*** Input material Section Begins ***
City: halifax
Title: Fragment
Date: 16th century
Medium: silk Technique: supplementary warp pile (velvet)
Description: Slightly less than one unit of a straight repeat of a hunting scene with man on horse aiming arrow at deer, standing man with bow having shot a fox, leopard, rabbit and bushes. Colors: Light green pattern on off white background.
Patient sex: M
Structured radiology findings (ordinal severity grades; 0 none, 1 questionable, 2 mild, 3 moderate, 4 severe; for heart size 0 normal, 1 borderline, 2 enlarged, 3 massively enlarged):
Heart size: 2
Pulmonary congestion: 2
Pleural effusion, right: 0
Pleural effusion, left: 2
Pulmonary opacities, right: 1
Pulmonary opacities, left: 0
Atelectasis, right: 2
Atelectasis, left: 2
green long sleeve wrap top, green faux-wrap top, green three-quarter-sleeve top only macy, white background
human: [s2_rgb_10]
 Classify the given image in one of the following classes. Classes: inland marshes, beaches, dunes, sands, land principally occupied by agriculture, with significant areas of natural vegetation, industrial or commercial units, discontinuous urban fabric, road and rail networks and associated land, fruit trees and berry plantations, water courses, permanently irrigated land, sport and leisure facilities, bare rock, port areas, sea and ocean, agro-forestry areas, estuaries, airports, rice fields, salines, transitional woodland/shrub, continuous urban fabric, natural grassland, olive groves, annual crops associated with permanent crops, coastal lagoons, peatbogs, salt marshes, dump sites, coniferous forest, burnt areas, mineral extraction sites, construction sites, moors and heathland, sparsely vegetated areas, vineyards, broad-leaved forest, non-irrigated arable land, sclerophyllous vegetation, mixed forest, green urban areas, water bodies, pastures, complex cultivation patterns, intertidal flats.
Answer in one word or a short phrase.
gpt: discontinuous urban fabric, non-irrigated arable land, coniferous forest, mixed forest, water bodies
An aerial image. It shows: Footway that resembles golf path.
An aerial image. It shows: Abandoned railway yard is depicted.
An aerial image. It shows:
*** Input material Section Ends ***
- _About this task_:
When the line with "Pulmonary congestion: 2" is reached in the data above, start copying there, and copy each line exactly until the line with "human: [s2_rgb_10]" has been copied; copy nothing else.

- _Answer space_:
Pulmonary congestion: 2
Pleural effusion, right: 0
Pleural effusion, left: 2
Pulmonary opacities, right: 1
Pulmonary opacities, left: 0
Atelectasis, right: 2
Atelectasis, left: 2
green long sleeve wrap top, green faux-wrap top, green three-quarter-sleeve top only macy, white background
human: [s2_rgb_10]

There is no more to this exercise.